Everyone hates their in-laws, but Max Goodwin has more reasons to than most of us. As we learned in last week’s episode, Georgia’s insufferable parents are seeking full custody of Luna, and they’re insistent that Max’s focus on work makes him an unfit father. Max’s lawyer is all of us in laughing their accusations off. Max is a loving father who also happens to be the medical director of a public hospital in the middle of a global health crisis. No judge in the land would condemn him for saving as many lives as he has, even if the cost of saving them has been closeness with his daughter. It’s ridiculous that anyone would side with Georgia’s parents here.
This is partly why I’ve never gotten along with this subplot. It’s a reach. It’s drama for its own sake, something to force Max into rigorously self-examining, even though all of his subplots thus far have done that too. He already knows that he can’t be a dedicated father while single-handedly trying to end systemic racism and such. His argument that nobody, including Luna, will be safe until everyone else is safe, is the same idealistic big-picture argument he has applied to every problem he has come across throughout the season, and presumably throughout his career. We get it.
This impulse doesn’t make him the best father, but nobody is. Since the show has always been careful to make the point that his hare-brained schemes are always for the greater good and never about his own ego, there’s no ambiguity here. He’s imperfect and sometimes makes the wrong decisions, but always for the right reasons. This should be obvious to everyone who has ever watched a single episode of the show, let alone three seasons of it. And yet New Amsterdam season 3, episode 13, “Fight Time”, nonetheless gives us an entire subplot in which Max tries to use up 1000 rapidly expiring vaccines before they defrost just to make the point clear. The fact he tries mightily to give them to the “right” people and ends up giving them to nobody is supposed to be his big moment of realization, his coming to terms with the fact that his desire to do more might be detrimental, and might be as harmful to his relationship with Luna as his in-laws claim. It takes Helen reminding him that anything worth having is also worth fighting for – notice how she slips “us” into his list of ongoing fights – to convince Max to turn up on Georgia’s parents’ doorstep and demand to take his daughter home. Good on him, obviously, but I hope they let him just so we don’t have to put up with this storyline anymore.

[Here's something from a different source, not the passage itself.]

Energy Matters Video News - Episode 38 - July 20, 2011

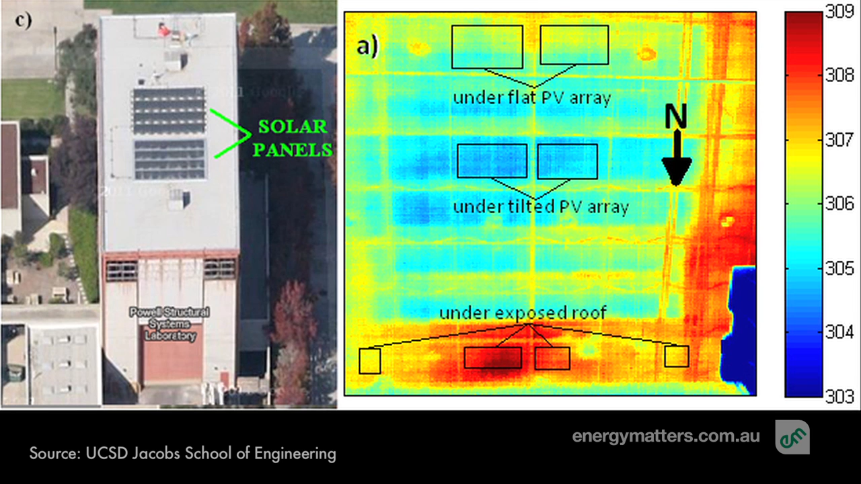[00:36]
Using thermal imaging, the researchers found that their solar array reduced the amount of heat hitting the roof by about 38%.

Iggy is the standout in “Fight Time”, even if the conclusion to his stand-off with Chance is ground I believe we’ve already trodden before (commenters, Iggy has intentionally lied for the sake of a patient before, hasn’t he?). Despite this, Chance confronting him while he’s bed-bound with the flu felt like a strong stake-raising payoff to his storyline, and Tyler Labine was great in his initial confusion, his fear, and his resolve. Martin figuring out his coded cry for help was a nice little detail reinforcing how well they know one another, and the fact that Chance never became too aggressive or ridiculous, despite revealing that he intentionally caused the fire that killed his family, kept him feeling like a very damaged young man in need of help rather than a smirking supervillain. I liked how understated the finale was, with the lights and sirens tipping us off to Chance’s arrest, but the focus remaining on Iggy and Martin as the former broke down after his ordeal. Solid stuff.

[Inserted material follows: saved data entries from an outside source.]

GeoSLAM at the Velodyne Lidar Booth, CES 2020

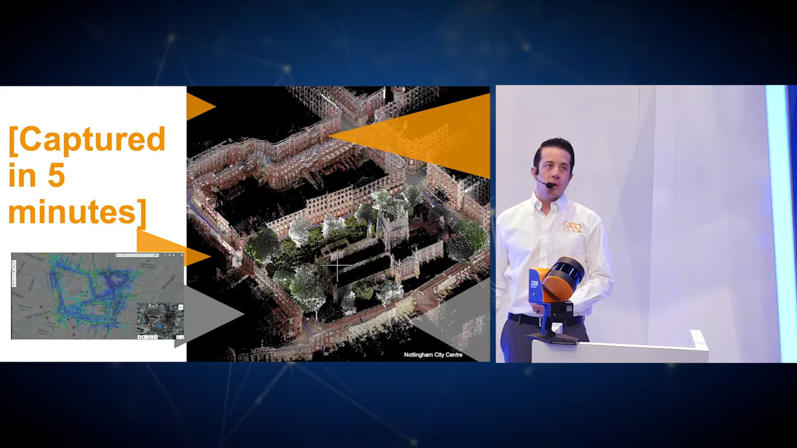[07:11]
one of these devices in this particular example we were able to capture the whole downtown city
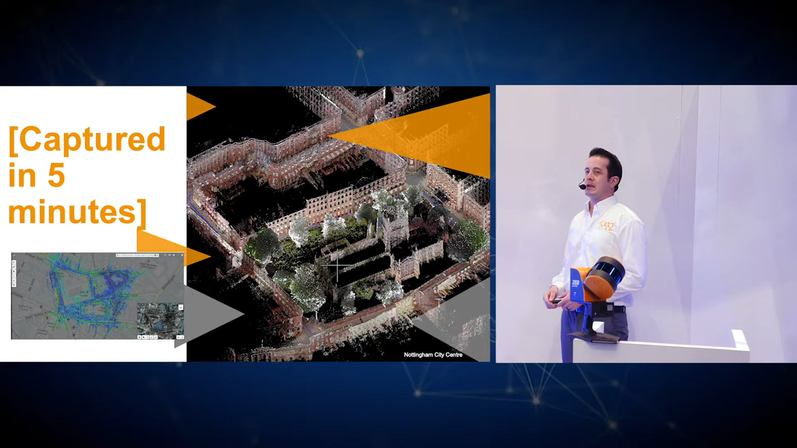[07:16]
center of Nottingham England again this is five minutes of walking
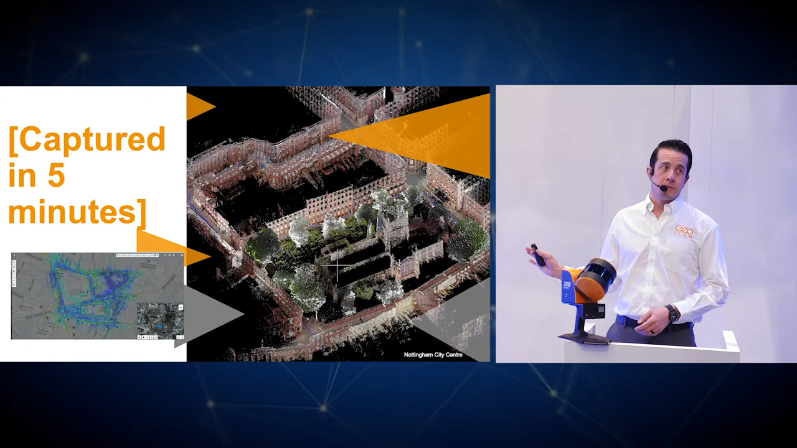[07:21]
you have a fully high accuracy point cloud that is colorized
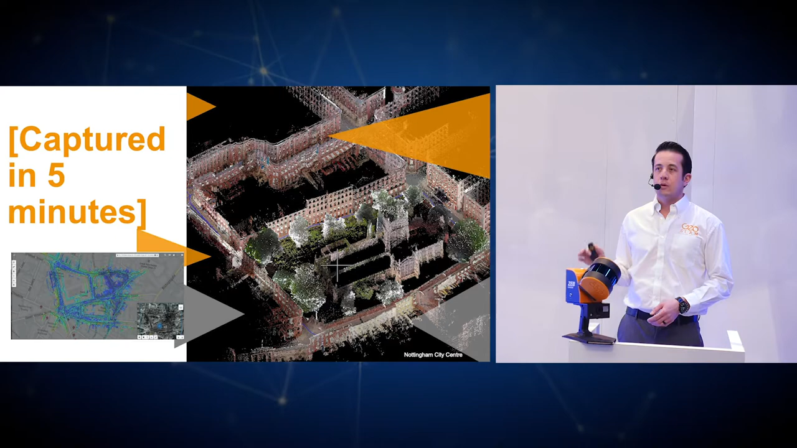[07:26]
with 360 degree panoramic images for additional context a
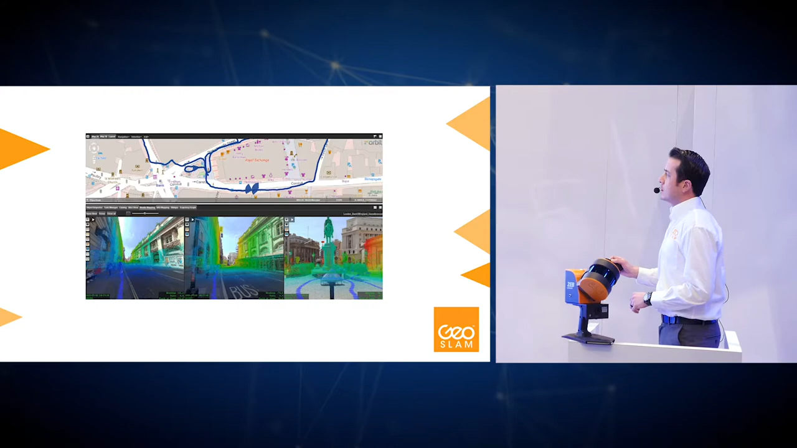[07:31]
couple of examples the blue line represents the trajectory the bottom
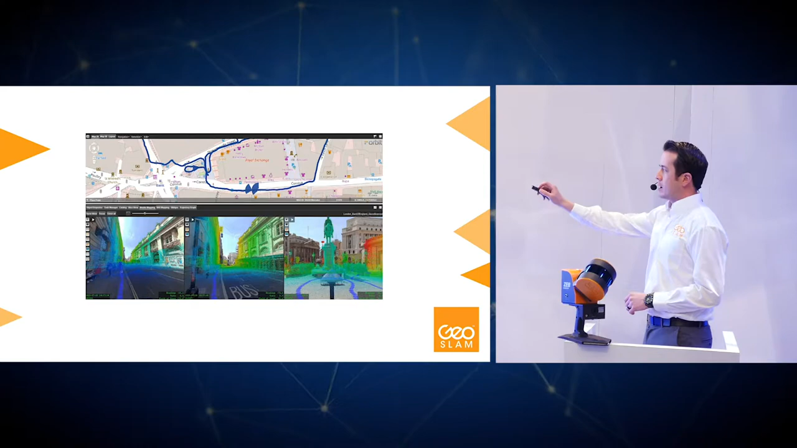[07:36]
are images of visualization looking at building fronts
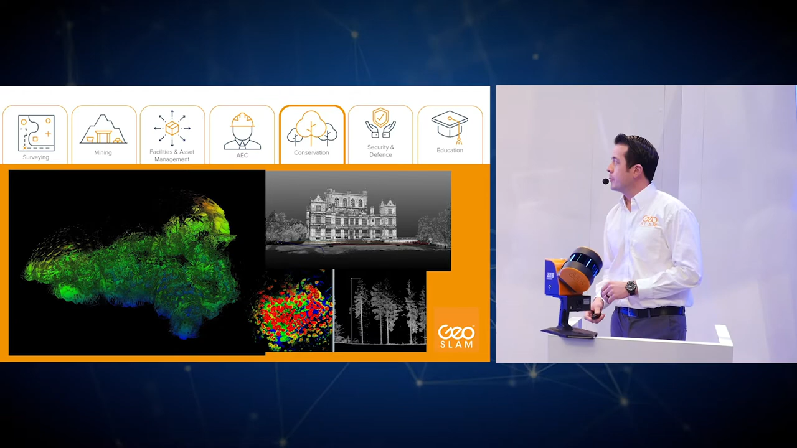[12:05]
on the conservation side we have many forestry for example that
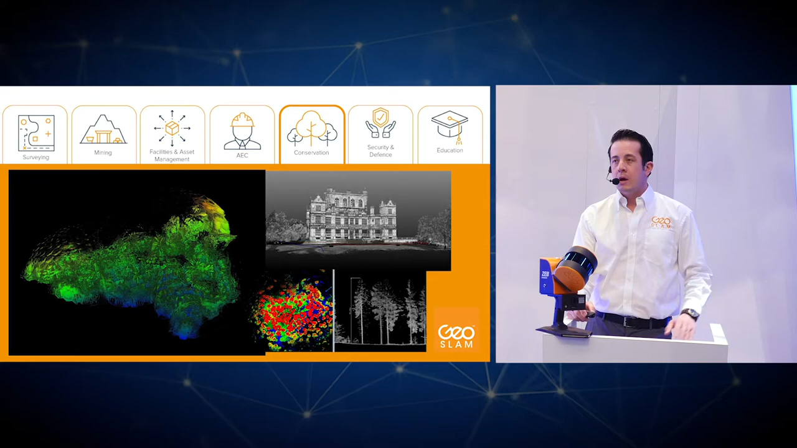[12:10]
are using the systems for forestry inventory and management determining for
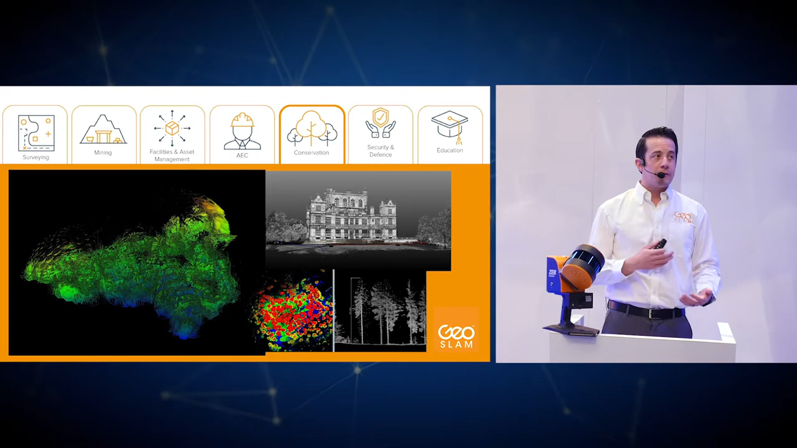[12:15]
example tree types as well as profile views as you'll see here for tree height as well as diameter

We were on shakier ground elsewhere, though. I, for one, am totally uninterested in Floyd’s love life, and his griping about whether to have sex with a gorgeous married woman is a first-world problem if I’ve ever heard one. There’s some emotional value in the matter of a five-year-old girl’s organs rejecting transplants, but using that traumatic case just to help Floyd navigate his relationship woes feels a bit… I don’t know, icky to me. Lauren’s case is a bit lighter, involving a man with Dioxin in his bloodstream who may or may not be a Russian spy, but beyond learning that Casey is super into Cold War history and spycraft, there isn’t much to it, really.
Helen, too, is a bit underserved by New Amsterdam season 3, episode 13, once again struggling to bond with Mina. Mina is largely petulant, obviously, but for once I agree with her assessment that Helen “ambushed” her with the undergraduate dean of Columbia University. Luckily, I also feel like “Fight Time” had Helen herself acknowledge that. Her confession at the end of the episode that Mina is right, and that she doesn’t know her, feels like the breakthrough they both need, and the understated little shuffle they both do to get physically closer to one another while looking at family photographs is a nice touch.
All these neat and tidy conclusions and personal breakthroughs make this episode feel a bit like a finale, which it isn’t, so I have to assume that we’re gearing up for something big in next week’s “Death Begins in Radiology”. I guess we’ll see.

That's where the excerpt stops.